Phase III Trial of Observation +/- Tamoxifen vs. RT +/- Tamoxifen for Good Risk Ductal Carcinoma In Situ (DCIS) of the Female Breast
Principal Investigator
Beryl McCormick, MD
Status
Terminated
Date Opened To Accrual
December 13 1999
Date Closed to Accrual
July 14 2006
Date of Study Termination
May 20 2022
Disease Site
Breast [BR]
Breast
Phase
III
Developmental Therapeutics
No
Primary Objective
In the defined good-risk group, assess the role of whole breast radiation plus/minus tamoxifen compared to wide excision to negative margins alone plus/minus tamoxifen, in decreasing or delaying the appearance of local failure, both invasive and in situ, and preventing the need for mastectomy.
Patient Population
Women >= 26 years of age.
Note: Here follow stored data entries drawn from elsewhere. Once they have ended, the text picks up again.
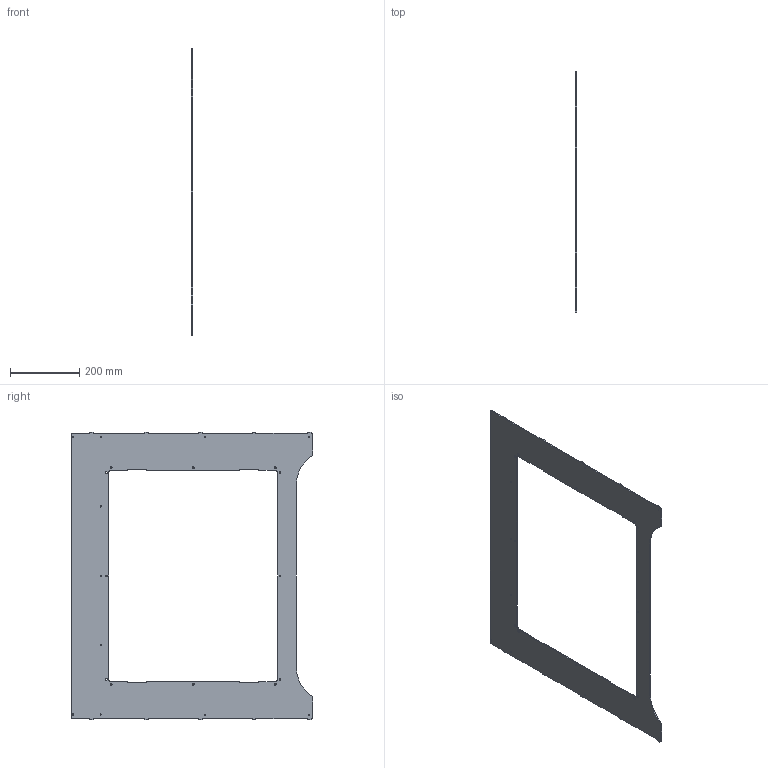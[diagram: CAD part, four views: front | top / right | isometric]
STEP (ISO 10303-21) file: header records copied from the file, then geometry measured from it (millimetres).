
FILE_DESCRIPTION(/* description */ (''),/* implementation_level */ '2;1');
FILE_NAME(/* name */ 'Front Panel-Outer.step',/* time_stamp */ '2022-11-02T15:48:37-05:00',/* author */ (''),/* organization */ (''),/* preprocessor_version */ 'ST-DEVELOPER v19.2',/* originating_system */ 'Autodesk Translation Framework v11.17.0.187',/* authorisation */ '');
FILE_SCHEMA (('AUTOMOTIVE_DESIGN { 1 0 10303 214 3 1 1 }'));
Length unit declared in the file: millimetre
Products named in the file (1): FusionComponent
Bounding box: 3 x 697.6 x 829.9 mm (x, y, z)
Volume: 735805.8 mm3; surface area: 507534.1 mm2
Topology: 1 solids, 1 shells, 105 faces, 309 edges, 206 vertices
Faces by surface type: plane 68, cylinder 37
Full cylindrical faces by diameter (mm): 3.5 x11, 5.5 x12
Entity records: 3642 total; most frequent: CARTESIAN_POINT 621, ORIENTED_EDGE 618, DIRECTION 595, EDGE_CURVE 309, LINE 235, VECTOR 235, VERTEX_POINT 206, AXIS2_PLACEMENT_3D 180

Unicentric mammographically detected DCIS. The DCIS must be detected by mammogram or detected as an "incidental" finding after a biopsy is performed for a benign histology (eg, fibroadenoma). Lesions <= 2.5 cm in greatest dimension on mammogram or pathologic specimen; use the largest measured size from the pathology report to obtain the required measurement of <= 2.5 cm. Lesions must be classified as low or intermediate grade DCIS. Inked margins >= 3 mm
Target Accrual
1790
Patient Study Webpage
There is no available patient study webpage available for this trial at this time.